[Collection entries]
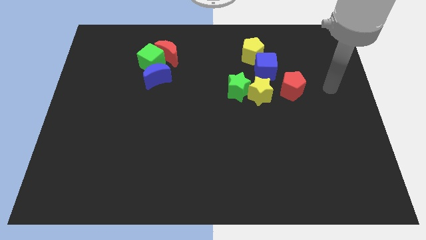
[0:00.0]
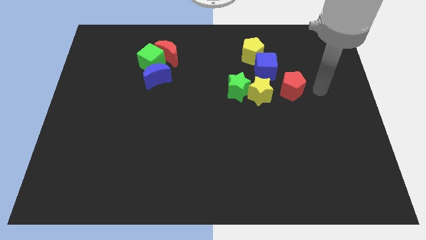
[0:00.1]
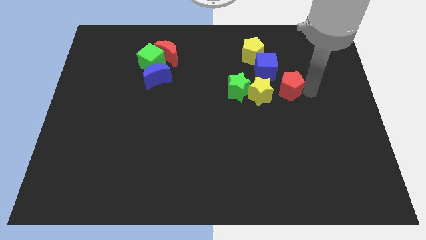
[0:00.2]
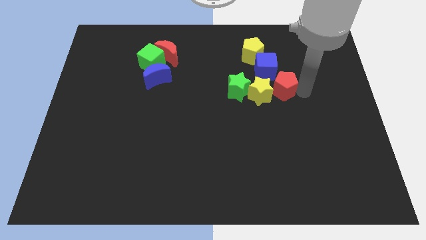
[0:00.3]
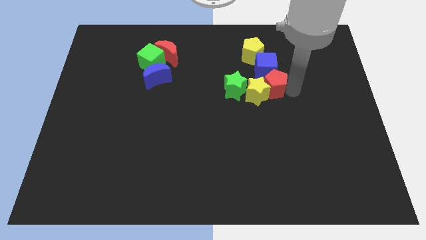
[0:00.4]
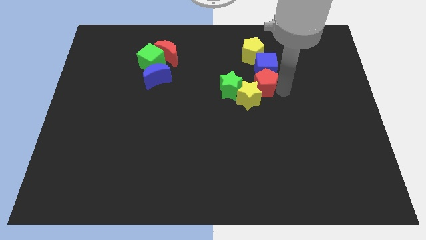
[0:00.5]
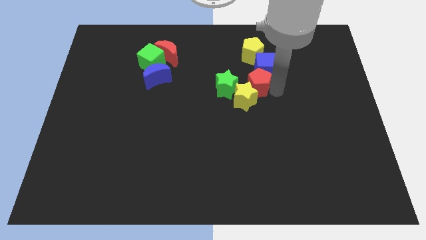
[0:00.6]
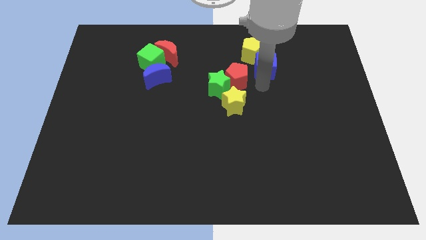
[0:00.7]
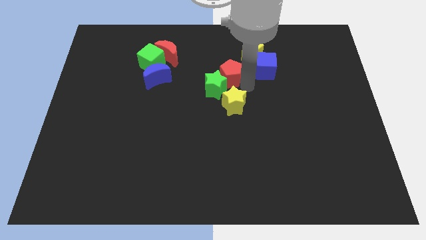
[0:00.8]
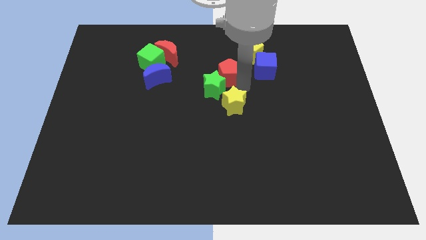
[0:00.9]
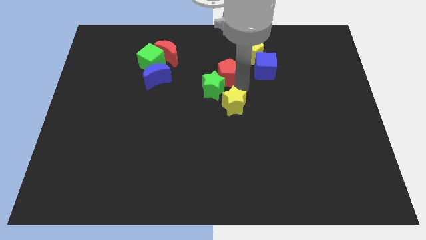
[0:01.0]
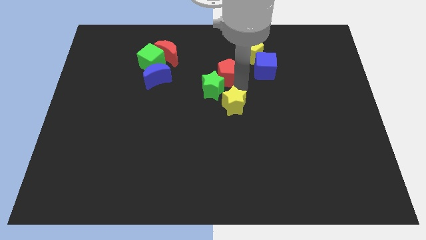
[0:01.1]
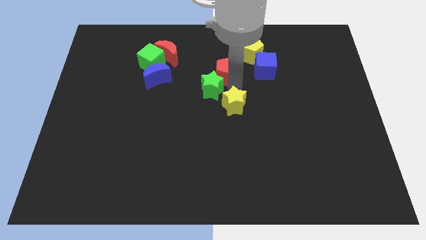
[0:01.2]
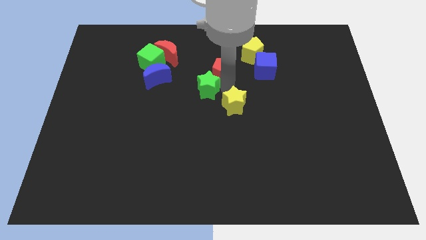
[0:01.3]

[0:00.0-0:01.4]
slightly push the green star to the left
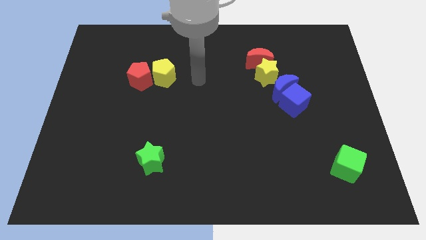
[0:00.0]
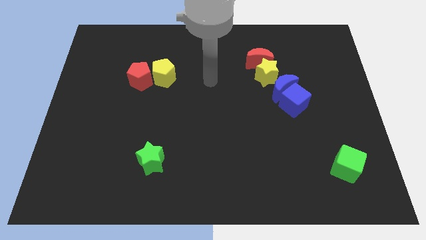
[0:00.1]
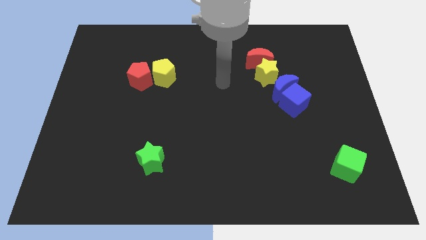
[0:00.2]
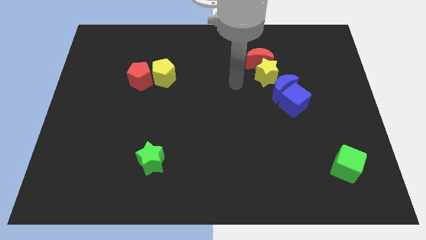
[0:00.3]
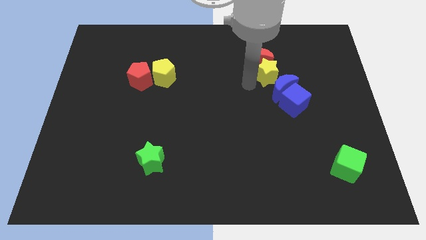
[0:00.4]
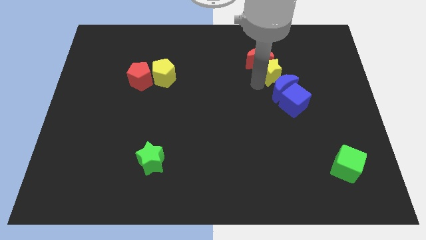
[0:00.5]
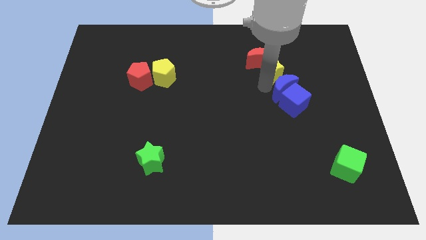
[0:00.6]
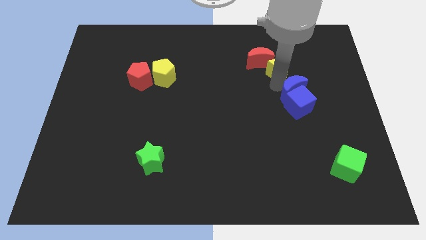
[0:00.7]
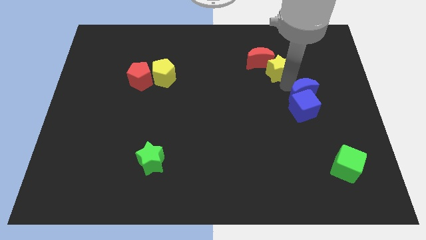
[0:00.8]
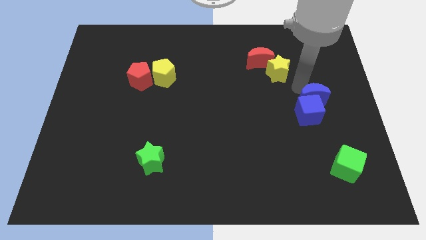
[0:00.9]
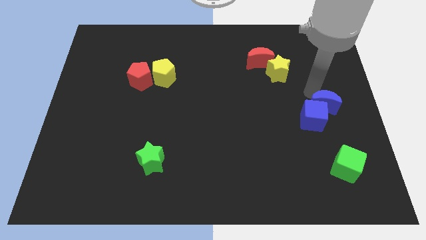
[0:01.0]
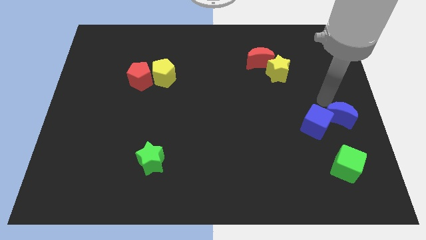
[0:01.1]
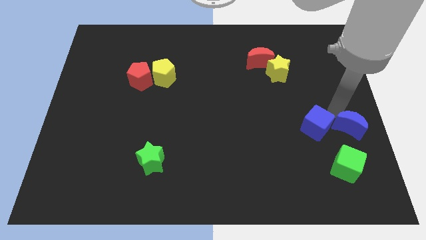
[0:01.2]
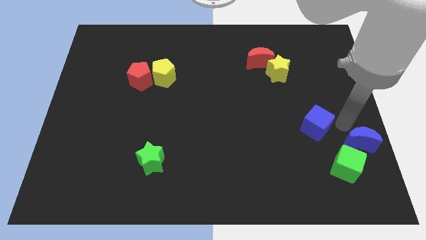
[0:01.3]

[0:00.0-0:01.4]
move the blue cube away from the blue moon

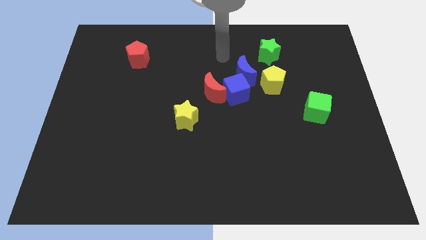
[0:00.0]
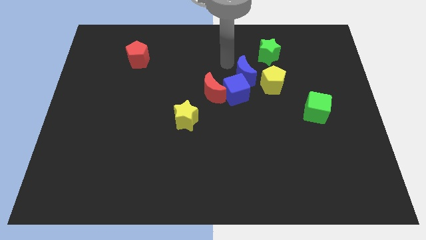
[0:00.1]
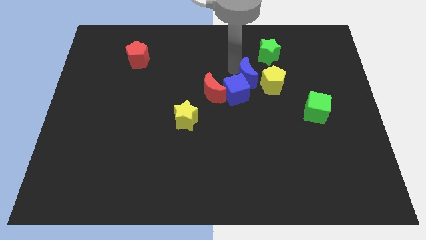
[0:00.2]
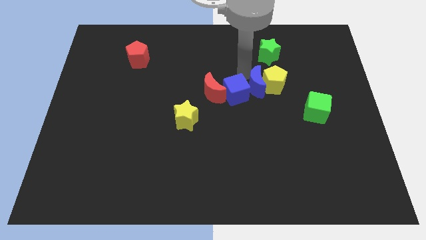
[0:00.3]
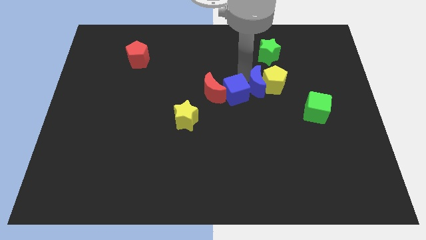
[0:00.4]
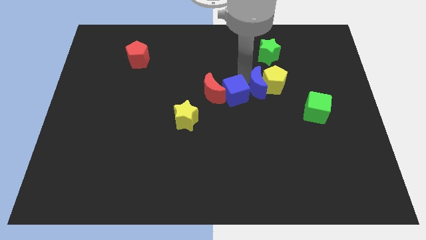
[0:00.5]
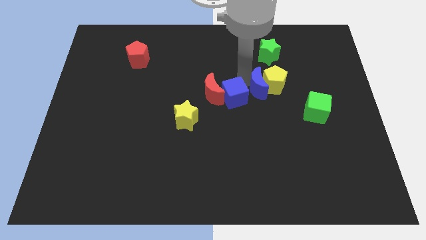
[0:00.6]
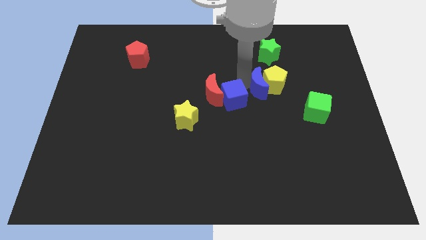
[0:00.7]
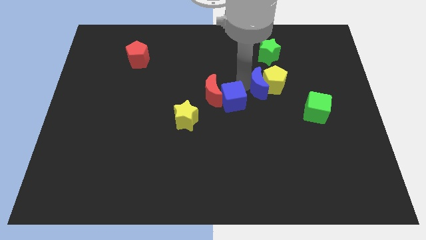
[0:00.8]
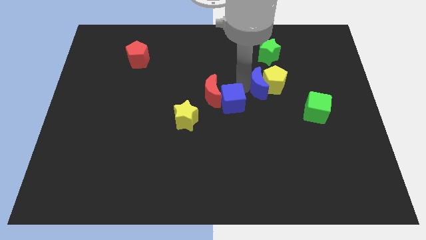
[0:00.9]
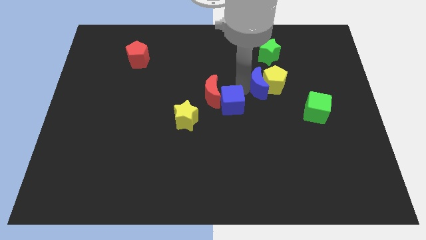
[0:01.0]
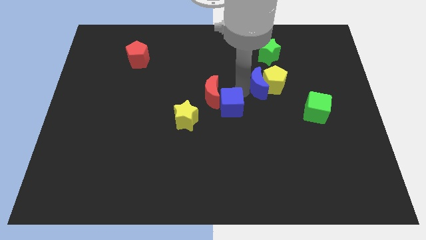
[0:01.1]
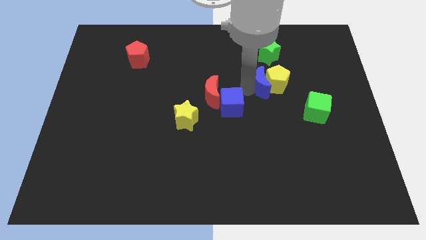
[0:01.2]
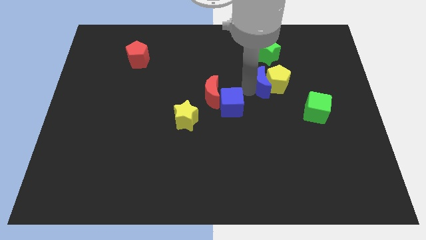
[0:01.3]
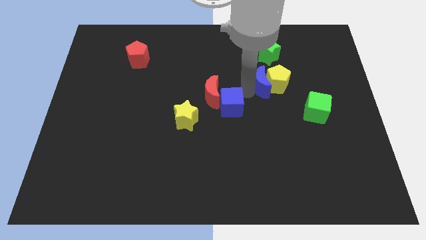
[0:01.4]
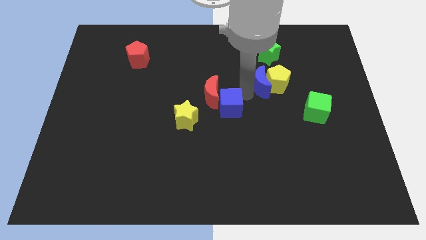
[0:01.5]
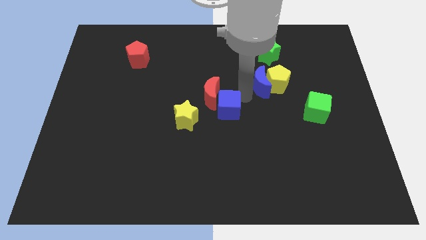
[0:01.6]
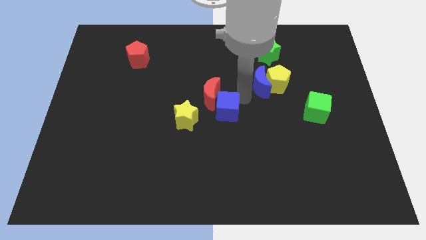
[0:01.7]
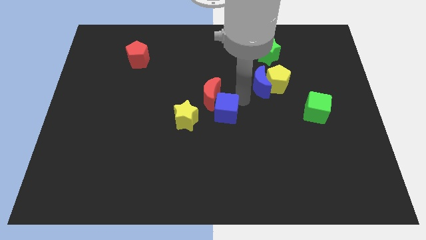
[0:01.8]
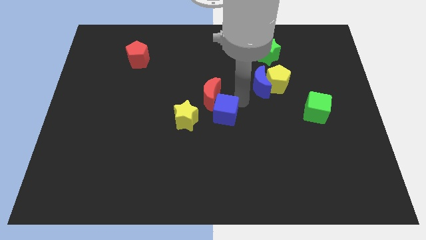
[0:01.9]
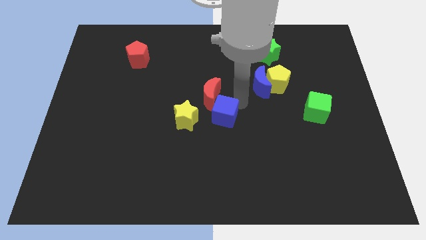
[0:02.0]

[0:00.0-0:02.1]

[Problem details]
What's needed is every line above, retyped exactly and free of pictures.

[Task output]
[0:00.0]
[0:00.1]
[0:00.2]
[0:00.3]
[0:00.4]
[0:00.5]
[0:00.6]
[0:00.7]
[0:00.8]
[0:00.9]
[0:01.0]
[0:01.1]
[0:01.2]
[0:01.3]

[0:00.0-0:01.4]
slightly push the green star to the left
[0:00.0]
[0:00.1]
[0:00.2]
[0:00.3]
[0:00.4]
[0:00.5]
[0:00.6]
[0:00.7]
[0:00.8]
[0:00.9]
[0:01.0]
[0:01.1]
[0:01.2]
[0:01.3]

[0:00.0-0:01.4]
move the blue cube away from the blue moon

[0:00.0]
[0:00.1]
[0:00.2]
[0:00.3]
[0:00.4]
[0:00.5]
[0:00.6]
[0:00.7]
[0:00.8]
[0:00.9]
[0:01.0]
[0:01.1]
[0:01.2]
[0:01.3]
[0:01.4]
[0:01.5]
[0:01.6]
[0:01.7]
[0:01.8]
[0:01.9]
[0:02.0]

[0:00.0-0:02.1]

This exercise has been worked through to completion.